6 Minuty
Polska ostrzega, że Moskwa może wykorzystywać kryptowaluty do finansowania tajnych operacji
Szef polskiego bezpieczeństwa narodowego, Sławomir Cenckiewicz, poinformował w rozmowie z Financial Times, że Rosja prawdopodobnie wykorzystuje kryptowaluty do finansowania działań wywiadowczych, sabotażu oraz incydentów z użyciem dronów nad terytorium Europy. Te doniesienia nadają nową pilność debacie nad regulacjami dotyczącymi kryptowalut, zwłaszcza po decyzji Banku Rosji o umożliwieniu wybranym bankom komercyjnym ponownego wejścia w rynek aktywów cyfrowych. W kontekście bezpieczeństwa narodowego i egzekwowania sankcji obawy dotyczące anonimowości transakcji i możliwości obejścia systemów bankowych odgrywają coraz większą rolę.

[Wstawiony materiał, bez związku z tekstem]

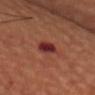biopsy status: no biopsy performed (imaged during a skin exam) | site: the chest | subject: female, approximately 45 years of age | image source: ~15 mm tile from a whole-body skin photo.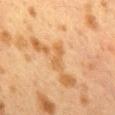follow-up = imaged on a skin check; not biopsied
site = the mid back
patient = female, aged approximately 40
image source = ~15 mm crop, total-body skin-cancer survey
tile lighting = cross-polarized illumination
lesion diameter = about 3.5 mm

Zarzuty oparte na wcześniejszych śledztwach
Cenckiewicz powołał się na śledztwo polskie z 2023 roku, które ujawniło sieć agentów powiązanych z rosyjskim wywiadem wojskowym GRU, finansowaną – według śledczych – w dużej części za pomocą kryptowalut. W efekcie prokuratorskich i policyjnych ustaleń pojawiły się wnioski, że mechanizmy transferu wartości oparte na blockchain mogą być wykorzystywane do utrzymywania „cichej floty” operacji zdolnych do uderzeń lub destabilizacji celów w całej Unii Europejskiej przy relatywnie ograniczalnej wykrywalności.

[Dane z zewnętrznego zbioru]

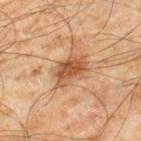Part of a total-body skin-imaging series; this lesion was reviewed on a skin check and was not flagged for biopsy. Cropped from a total-body skin-imaging series; the visible field is about 15 mm. A male subject, in their mid-40s. Located on the right lower leg.

Takie ustalenia sugerują, że schematy finansowania opierające się na kryptowalutach, stablecoinach i wielu pośrednikach są istotnym elementem współczesnych operacji hybrydowych. W praktyce oznacza to konieczność wnikliwszej analizy śladów finansowych, łączenia informacji wywiadowczych z dowodami blockchain oraz współpracy międzynarodowej w celu przeciwdziałania praniu pieniędzy i omijaniu sankcji.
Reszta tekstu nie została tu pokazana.